Data Science Research Programme
PhD candidates in their own words
The Data Science Research Programme at Leiden University combines data science with PhD projects in a wide range of disciplines. The programme has been running for over two years, and is producing the first astonishing results. A number of PhD candidates talk about their experiences and research below.
Searching for 27 million patterns in 6,000 tax treaties
PhD candidate Manon Wintgens is using an algorithm to trawl through thousands of international tax treaties. She hopes to detect a system in the dizzying interplay between countries, businesses and documents. It is a unique research project. ‘One of the latest findings from my research is that former colonies generally take on tax treaties that were entered into by the former coloniser. We don’t yet know why they do this, but the pattern recognition is an important step in itself. My research also shows that many more treaties are signed in certain regions, such as West Europe, than in a region such as Africa. This was known already, but this analysis has confirmed it. It means that you can recognise, and perhaps even predict, the behaviour of the actors – countries, treaties, businesses.’
The patient forum as a goldmine
Patients with a particular disease possess a lot of knowledge about this disease. For instance, unknown side effects of a particular medicine or which diet can help relieve the symptoms. The benefit of this knowledge is twofold: it can provide pointers for new research into the disease and how to treat it, and it can be used by patients to support one another. Neuroscientist Anne Dirkson is working on software that can collect this kind of knowledge. ‘To give some idea of how much work this entails, one of the forums that I am researching consists of 36,277 messages and 1,255,741 words. Ultimately, we want to be able to compare all this knowledge with existing data to see what we already know and what is new.’
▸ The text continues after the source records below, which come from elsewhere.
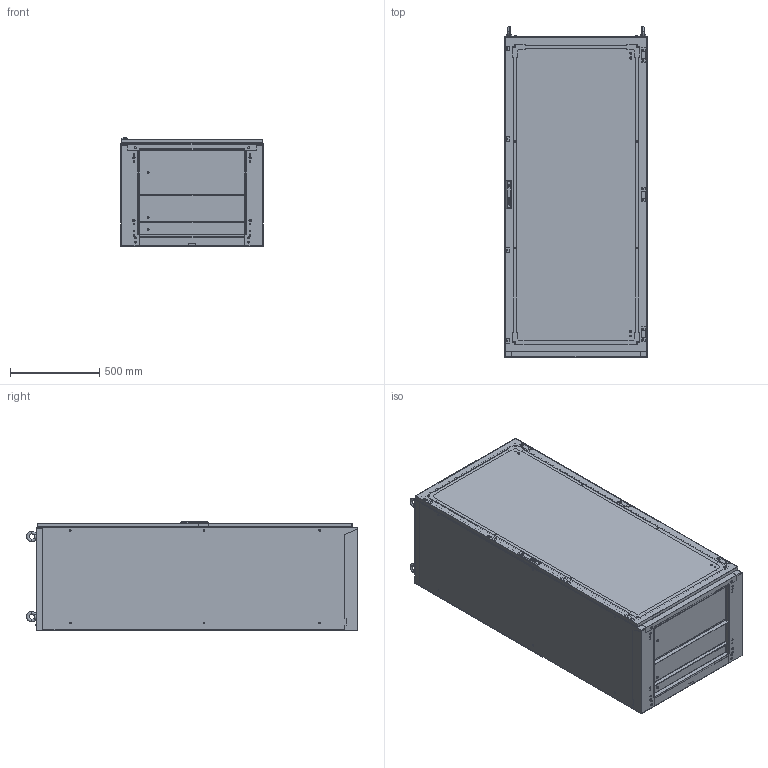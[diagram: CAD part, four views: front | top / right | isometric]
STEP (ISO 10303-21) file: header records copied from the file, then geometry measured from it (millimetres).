
FILE_DESCRIPTION (( 'STEP AP214' ), '1' );
FILE_NAME ('0390-8018-60-17.step', '2022-07-28T11:21:35', ( '' ), ( '' ), 'SwSTEP 2.0', 'SolidWorks 2019', '' );
FILE_SCHEMA (( 'AUTOMOTIVE_DESIGN' ));
Length unit declared in the file: millimetre
Products named in the file (14): arretierwinkel_re_s; Bodenplattensatz_s_0396-8000-60-03; 3080-9036-03-48 Schutzleiterschraube; Korpus_ss_8018-60; MontageplatteZubehoer_s; 0390-8018-60-17; rasthalterung_li_s; TuerR_s_0395-8018-00-97; MPGleitschuh_s; rasthalterung_re_s; MontageplatteKPL_s_0348-8018-00-13; Montageplatte_s_8018; arretierwinkel_li_s; Dachplatte_ss_0390-8000-60-07
Assembly tree (14 placements, depth 4):
  0390-8018-60-17
    Korpus_ss_8018-60
    TuerR_s_0395-8018-00-97
    Dachplatte_ss_0390-8000-60-07
    Bodenplattensatz_s_0396-8000-60-03
    MontageplatteKPL_s_0348-8018-00-13
      Montageplatte_s_8018
      MontageplatteZubehoer_s
        arretierwinkel_li_s
        arretierwinkel_re_s
        rasthalterung_li_s
        rasthalterung_re_s
        3080-9036-03-48 Schutzleiterschraube
        MPGleitschuh_s  x2
Bounding box: 800 x 1857.99 x 607.5 mm (x, y, z)
Volume: 16582239 mm3; surface area: 17355767.9 mm2
Topology: 61 solids, 61 shells, 5040 faces, 13394 edges, 8851 vertices
Faces by surface type: plane 2891, cylinder 1912, cone 201, torus 24, bspline 12
Entity records: 187532 total; most frequent: CARTESIAN_POINT 29413, DIRECTION 27154, ORIENTED_EDGE 26680, EDGE_CURVE 13340, AXIS2_PLACEMENT_3D 9126, LINE 8902, VECTOR 8902, VERTEX_POINT 8817

Building a bridge between data science and the social and behavioural sciences
What is the best living environment for dementia patients? To answer this question, Daniela Gawehns is using data mining methods to search through different types of data source. Her research is inadvertently building a bridge between to disciplines that are sometimes somewhat wary of each other. ‘What makes this project complex is that you’re combining data that doesn’t really fit together. The observations by social scientists, on the one hand, and the “hard data” from the trackers, on the other. We hope that this complex data will help us find links between different data sources. No one has ever done this before – particularly within the context of a care home.’
A digital eye for archaeologists
Amazing, all the images that archaeologists are receiving nowadays thanks to satellites, elevation measurements and other forms of remote sensing. They can find undiscovered archaeological objects on the scans. But so much material is available now that it is impossible to look at it all manually. In his PhD research, Wouter Verschoof-van der Vaart is therefore developing a universal artificial intelligence (AI) system that can find and classify archaeological objects on digital images. ‘The results are very encouraging. The first version of the system detected 80% of our known burial mounds in the Veluwe and the second almost 90%. I’m going to spend the next two years refining the system, and will make sure that people who aren’t data scientists will also be able to use it.’
Comparing sign languages
There are 130 known sign languages and dialects in the world. It can be difficult for linguists to translate these sign languages, as each language or dialect has differences in handshape, hand position, movement size and more. For his PhD project, computer scientist Manolis Fragkiadakis is developing a tool that can compare videos of different sign languages. This would make it possible to detect differences between sign languages and prevent translation errors. Ultimately, the tool could be used to compare sign languages from all around the world.